Are Face Shields a Better Option Than Face Masks for Protection From COVID-19?

The skeptical cardiologist fully endorses public health recommendations (and in some cases mandates) to wear face coverings to reduce the spread of COVID-19.

In response to an alarming rise of COVID-19 cases after easing of restrictions in his state, even Texas governor Gov. Greg Abbott issued a statewide mask mandate on July 2.. First-time violators will be issued a warning, though repeat offenders could be fined up to $250.

Texans living in counties with more than 20 coronavirus cases must wear a face covering over the nose and mouth while in a business or other building open to the public, as well as outdoor public spaces, whenever social distancing is not possible.

The Texan mandate provides exceptions for children under age 10 , people who have a medical condition that prevents them from wearing a mask, people who are eating or drinking, and people who are exercising outdoors.

Although I don’t have any lung condition that would prevent me from wearing a mask, due to a skin condition that affects my cheeks I find wearing masks to be  incredibly uncomfortable. One that makes prolonged wearing such as when seeing patients in the office a grueling experience.
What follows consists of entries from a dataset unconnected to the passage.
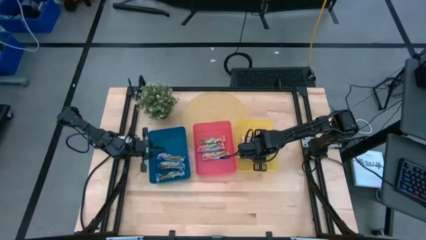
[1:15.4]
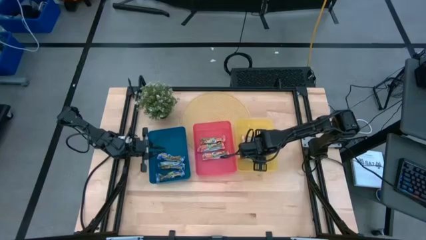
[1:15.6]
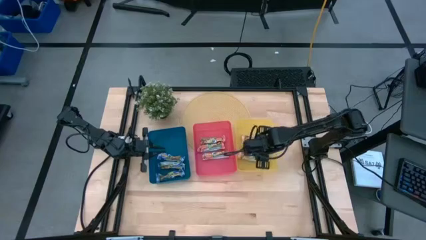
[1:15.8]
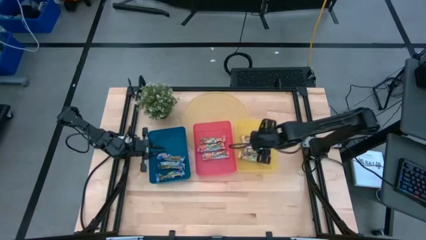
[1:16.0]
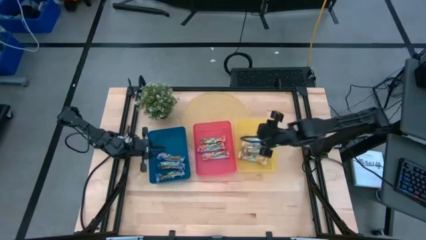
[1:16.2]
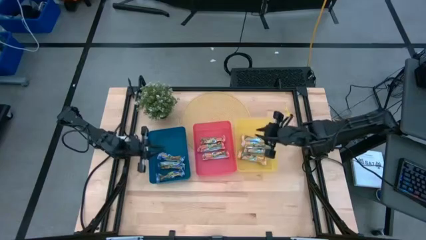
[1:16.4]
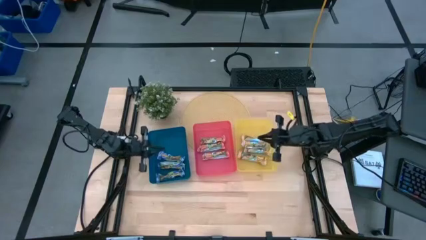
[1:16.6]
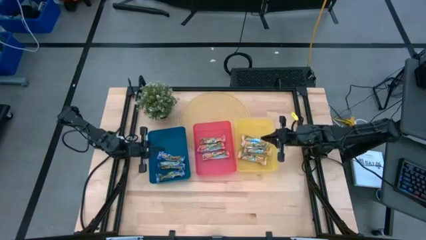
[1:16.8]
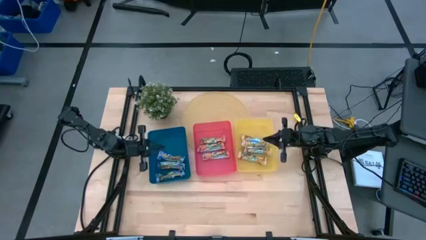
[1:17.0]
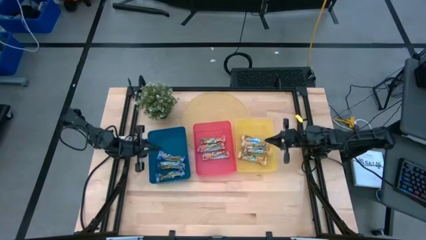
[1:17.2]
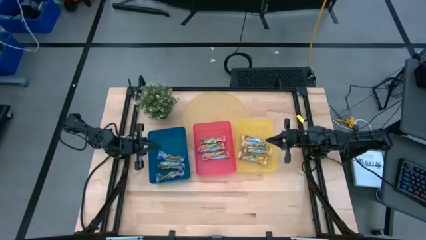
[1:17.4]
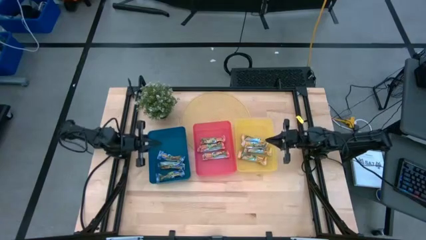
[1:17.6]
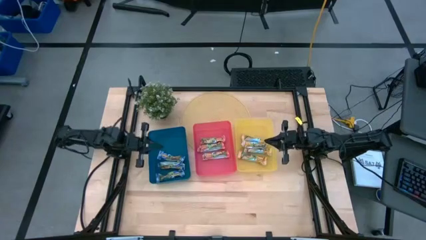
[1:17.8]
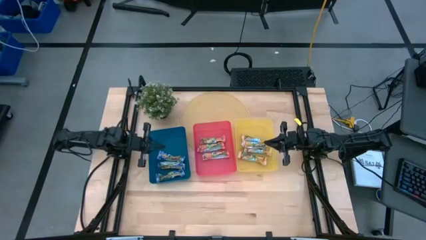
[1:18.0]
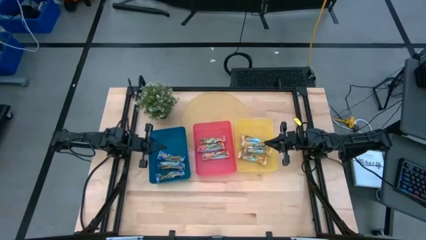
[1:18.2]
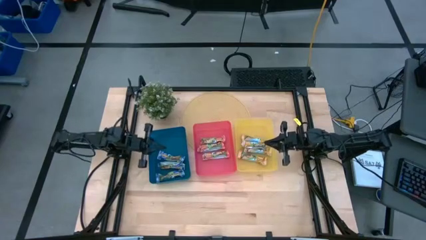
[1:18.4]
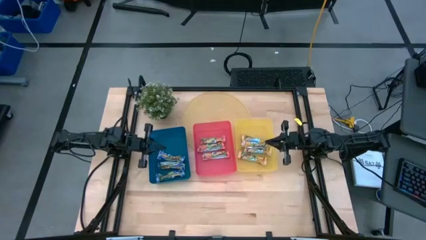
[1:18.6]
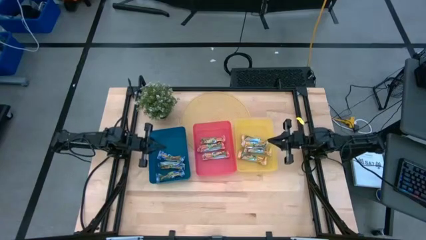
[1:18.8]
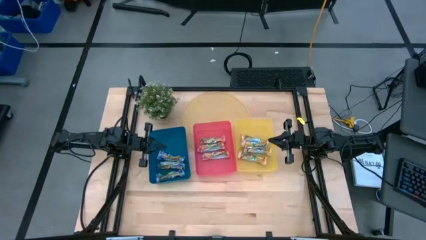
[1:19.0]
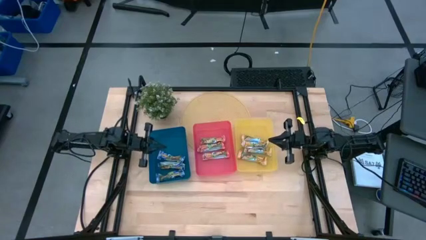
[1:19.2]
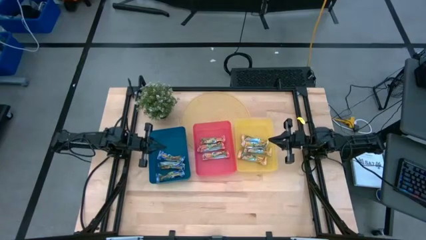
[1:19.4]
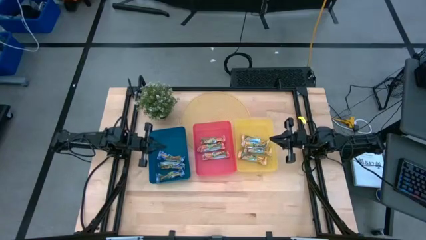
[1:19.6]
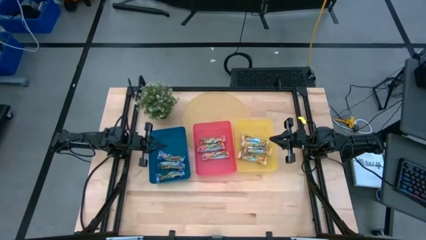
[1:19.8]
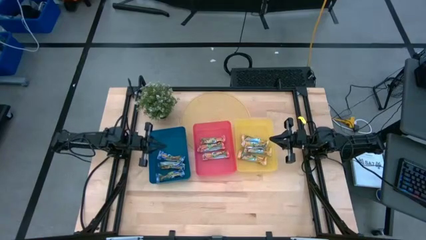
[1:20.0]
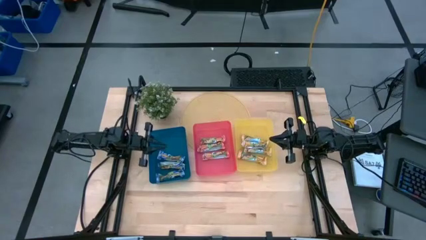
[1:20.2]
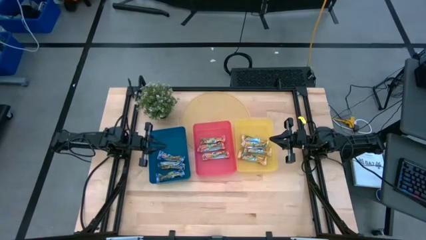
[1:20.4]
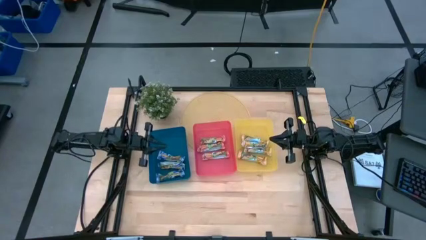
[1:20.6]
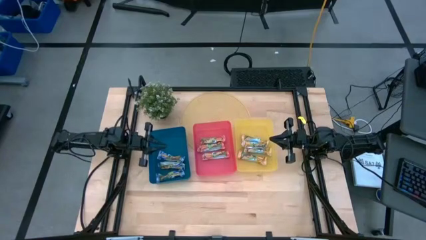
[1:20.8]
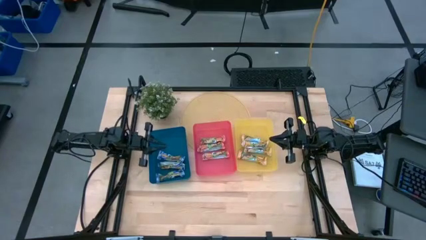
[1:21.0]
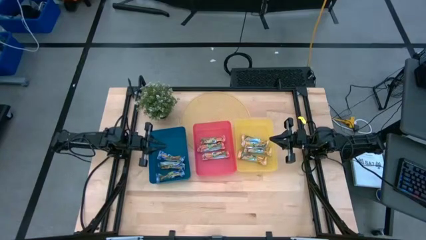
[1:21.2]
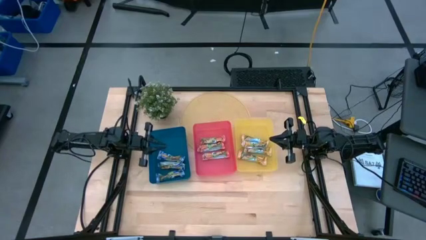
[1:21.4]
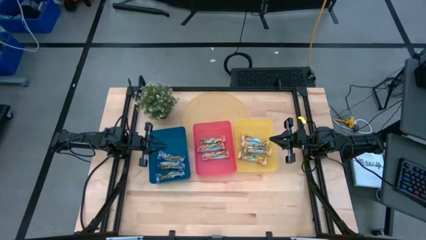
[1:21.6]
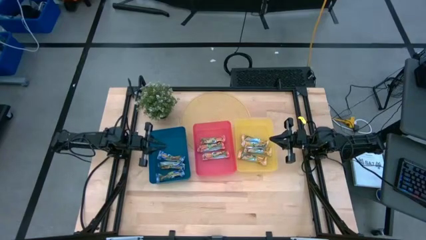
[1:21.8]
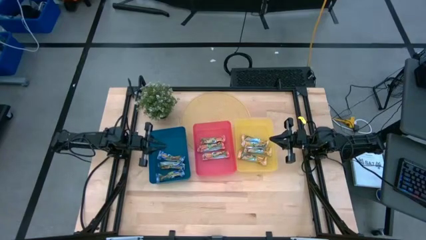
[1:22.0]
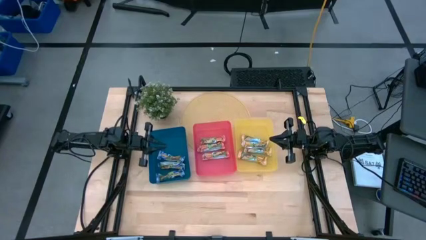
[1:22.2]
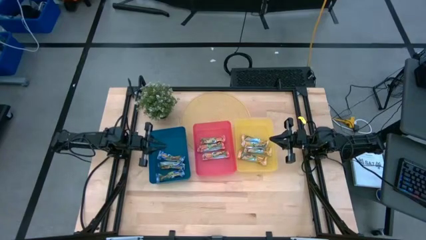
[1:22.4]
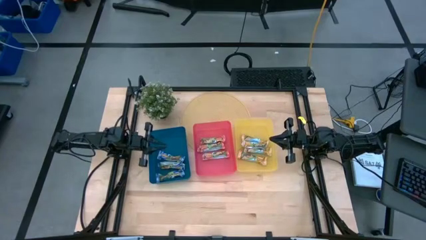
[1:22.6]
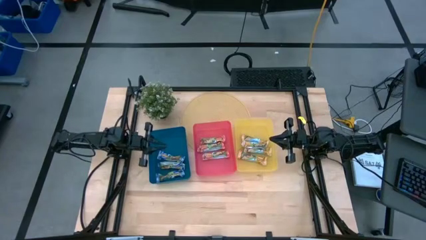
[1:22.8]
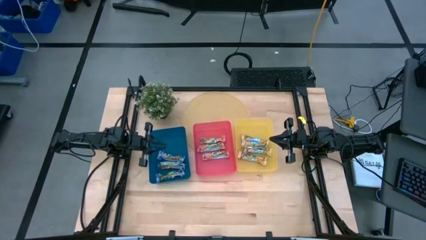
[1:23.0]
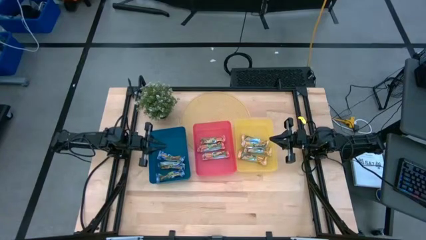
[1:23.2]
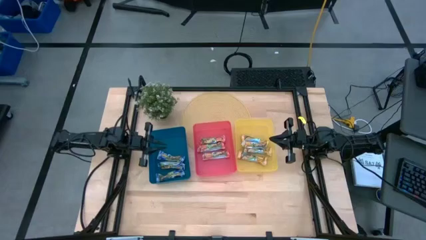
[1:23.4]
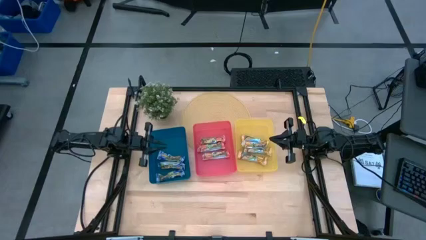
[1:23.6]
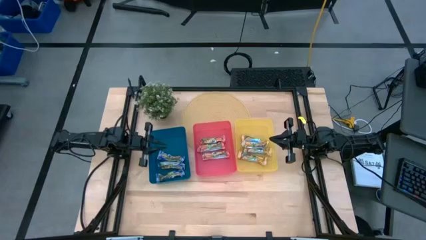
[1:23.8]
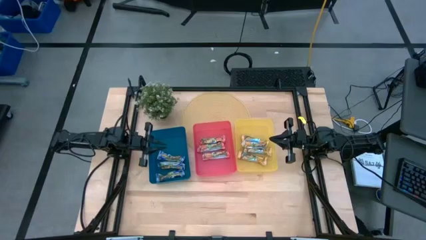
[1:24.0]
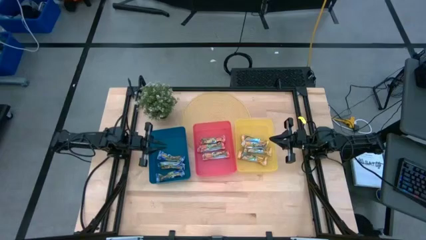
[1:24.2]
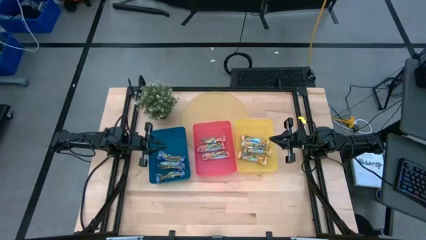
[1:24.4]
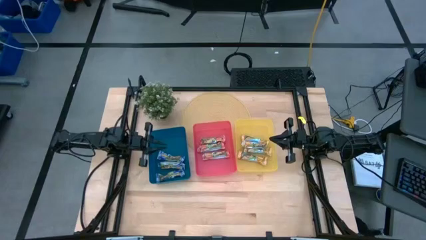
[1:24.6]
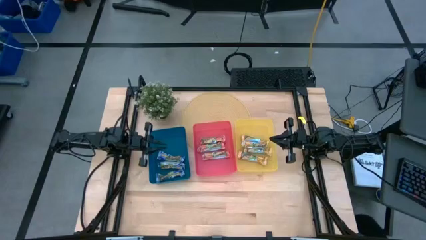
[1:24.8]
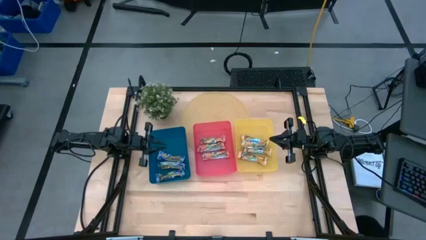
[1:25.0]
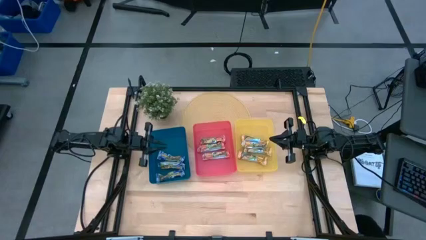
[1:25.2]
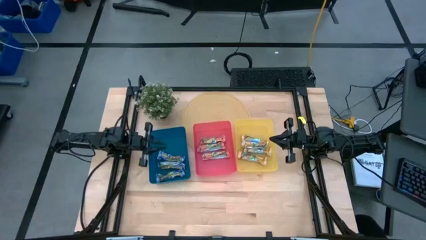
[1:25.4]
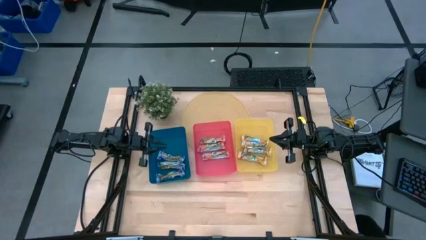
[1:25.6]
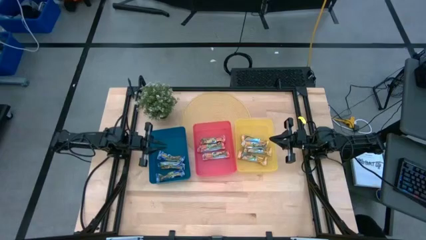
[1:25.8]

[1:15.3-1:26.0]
Task: Pick and place Granola Bars by type
Return to Home Position

Consequently, when I spotted an  article entitled  Moving Personal Protective Equipment Into the Community:Face Shields and Containment of COVID-19 my ears perked up.

Written by a trio of  infectious disease expert at the University of Iowa (Eli N. Perencevich, MD, MS1,2; Daniel J. Diekema, MD, MS2; Michael B. Edmond, MD, MPH, MPA2) the JAMA Vewpoint posits  that “face shields may provide a better option” than face masks for those in the community during COVID-19.

Arguments for the Efficacy of Face Shields

What factors make shields potentially a better option?

The authors feel availability of face shields is “currently greater than that of medical masks.” because “face shields require no special materials for fabrication and production lines can be repurposed fairly rapidly.”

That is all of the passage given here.